Thin-skinned, finicky and temperamental, Pinot Noir is also one of the most rewarding grapes to grow and remains a labor of love for some of the greatest vignerons in Burgundy. Fairly adaptable but highly reflective of the environment in which it is grown, Pinot Noir prefers a cool climate and requires low yields to achieve high quality. Outside of France, outstanding examples come from in Oregon, California and throughout specific locations in wine-producing world. Somm Secret—André Tchelistcheff, California’s most influential post-Prohibition winemaker decidedly stayed away from the grape, claiming “God made Cabernet. The Devil made Pinot Noir.”
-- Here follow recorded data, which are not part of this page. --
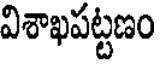
విశాఖపట్టణం
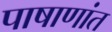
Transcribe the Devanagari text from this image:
पाषाणांत
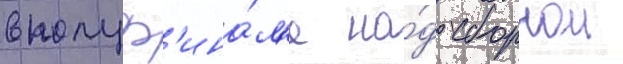
в полуф'ина́л'е на́д сборнои
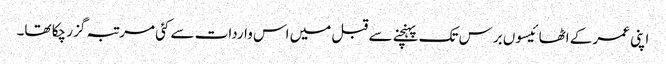
اپنی عمر کے اٹھائیسوں برس تک پہنچنے سے قبل میں اس واردات سے کئی مرتبہ گزر چکا تھا۔
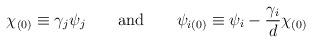
LaTeX: \begin{align*}\chi_{(0)} \equiv \gamma_j\psi_j \qquad \textup{and} \qquad\psi_{i(0)} \equiv \psi_i-\frac{\gamma_i}{d}\chi_{(0)}\end{align*}
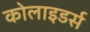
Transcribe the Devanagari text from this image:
कोलाइडर्स
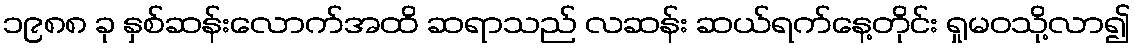
၁၉၈၈ ခု နှစ်ဆန်းလောက်အထိ ဆရာသည် လဆန်း ဆယ်ရက်နေ့တိုင်း ရှုမဝသို့လာ၍
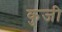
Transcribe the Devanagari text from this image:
कुजी
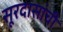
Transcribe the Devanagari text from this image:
सूरदासांची
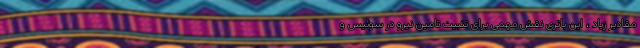
مقادیر زیاد ، این باتری نقش مهمی برای تثبیت تامین نیرو در سوئیس و
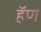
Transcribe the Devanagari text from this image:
हॅण
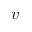
v
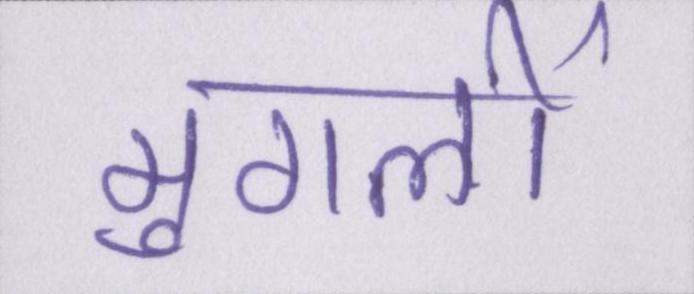
मुगलों
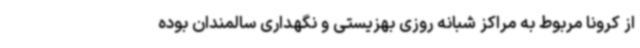
از کرونا مربوط به مراکز شبانه روزی بهزیستی و نگهداری سالمندان بوده
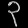
Digit: ၃
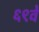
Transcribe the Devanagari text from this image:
६९वे
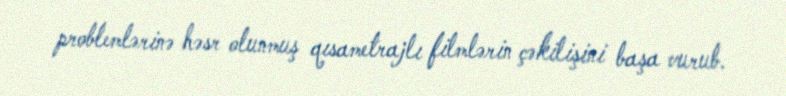
problemlərinə həsr olunmuş qısametrajlı filmlərin çəkilişini başa vurub.
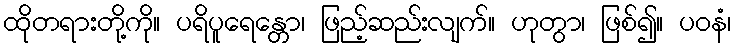
ထိုတရားတို့ကို။ ပရိပူရေန္တော၊ ဖြည့်ဆည်းလျက်။ ဟုတွာ၊ ဖြစ်၍။ ပဝနံ၊
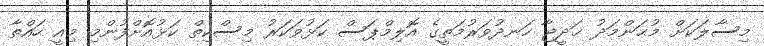
މިސާލަކަށް މުޙަންމަދު ޚަދީޖާ ހަނދުވަރުމަތީގެ އޮލިމްޕަސް ކަޅުވަކަރު މިސްކިތް ކަޅުއޮށްފުންމި މިއީ ހައްތާ
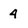
Character: 4
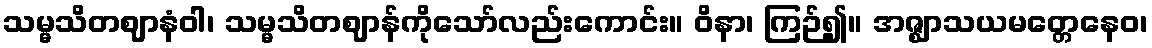
သမ္မသိတဈာနံဝါ၊ သမ္မသိတဈာန်ကိုသော်လည်းကောင်း။ ဝိနာ၊ ကြဉ်၍။ အဇ္ဈာသယမတ္တေနေဝ၊

Perhaps the most highly regarded appellation within Monterey County, Santa Lucia Highlands AVA benefits from a combination of warm morning sunshine and brisk afternoon breezes, allowing grapes to ripen slowly and fully. The result is concentrated, flavorful wines that retain their natural acidity. Wineries here do not shy away from innovation, and place a high priority on sustainable viticultural practices.
The climatic conditions here are perfectly suited to the production of ripe, rich Pinot Noir and Chardonnay. These Burgundian varieties dominate an overwhelming percentage of plantings, though growers have also found success with Syrah, Riesling and Pinot Gris.